╭─ EXCERPTED RECORDS

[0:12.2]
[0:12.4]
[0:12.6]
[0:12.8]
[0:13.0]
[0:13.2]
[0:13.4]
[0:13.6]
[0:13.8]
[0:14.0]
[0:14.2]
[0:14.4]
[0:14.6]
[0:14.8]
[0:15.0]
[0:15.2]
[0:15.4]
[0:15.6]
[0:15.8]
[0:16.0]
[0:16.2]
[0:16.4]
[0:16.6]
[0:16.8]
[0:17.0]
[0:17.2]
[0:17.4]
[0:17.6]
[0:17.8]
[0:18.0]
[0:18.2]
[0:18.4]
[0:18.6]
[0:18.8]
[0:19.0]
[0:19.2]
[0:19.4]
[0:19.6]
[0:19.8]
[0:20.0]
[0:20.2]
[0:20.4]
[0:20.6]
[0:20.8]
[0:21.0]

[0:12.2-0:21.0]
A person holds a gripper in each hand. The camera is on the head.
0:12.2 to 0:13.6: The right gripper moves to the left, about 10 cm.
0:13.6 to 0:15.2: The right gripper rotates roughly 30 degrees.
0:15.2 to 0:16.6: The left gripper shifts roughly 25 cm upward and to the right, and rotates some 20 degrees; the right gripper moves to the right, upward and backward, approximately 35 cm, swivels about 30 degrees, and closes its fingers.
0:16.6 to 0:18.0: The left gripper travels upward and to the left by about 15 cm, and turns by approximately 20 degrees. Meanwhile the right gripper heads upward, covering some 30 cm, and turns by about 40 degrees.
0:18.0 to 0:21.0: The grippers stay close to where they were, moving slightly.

╰─

WORK INSTRUCTIONS: Exactly as written above, copy out all the records.

TASK ANSWER:
[0:12.2]
[0:12.4]
[0:12.6]
[0:12.8]
[0:13.0]
[0:13.2]
[0:13.4]
[0:13.6]
[0:13.8]
[0:14.0]
[0:14.2]
[0:14.4]
[0:14.6]
[0:14.8]
[0:15.0]
[0:15.2]
[0:15.4]
[0:15.6]
[0:15.8]
[0:16.0]
[0:16.2]
[0:16.4]
[0:16.6]
[0:16.8]
[0:17.0]
[0:17.2]
[0:17.4]
[0:17.6]
[0:17.8]
[0:18.0]
[0:18.2]
[0:18.4]
[0:18.6]
[0:18.8]
[0:19.0]
[0:19.2]
[0:19.4]
[0:19.6]
[0:19.8]
[0:20.0]
[0:20.2]
[0:20.4]
[0:20.6]
[0:20.8]
[0:21.0]

[0:12.2-0:21.0]
A person holds a gripper in each hand. The camera is on the head.
0:12.2 to 0:13.6: The right gripper moves to the left, about 10 cm.
0:13.6 to 0:15.2: The right gripper rotates roughly 30 degrees.
0:15.2 to 0:16.6: The left gripper shifts roughly 25 cm upward and to the right, and rotates some 20 degrees; the right gripper moves to the right, upward and backward, approximately 35 cm, swivels about 30 degrees, and closes its fingers.
0:16.6 to 0:18.0: The left gripper travels upward and to the left by about 15 cm, and turns by approximately 20 degrees. Meanwhile the right gripper heads upward, covering some 30 cm, and turns by about 40 degrees.
0:18.0 to 0:21.0: The grippers stay close to where they were, moving slightly.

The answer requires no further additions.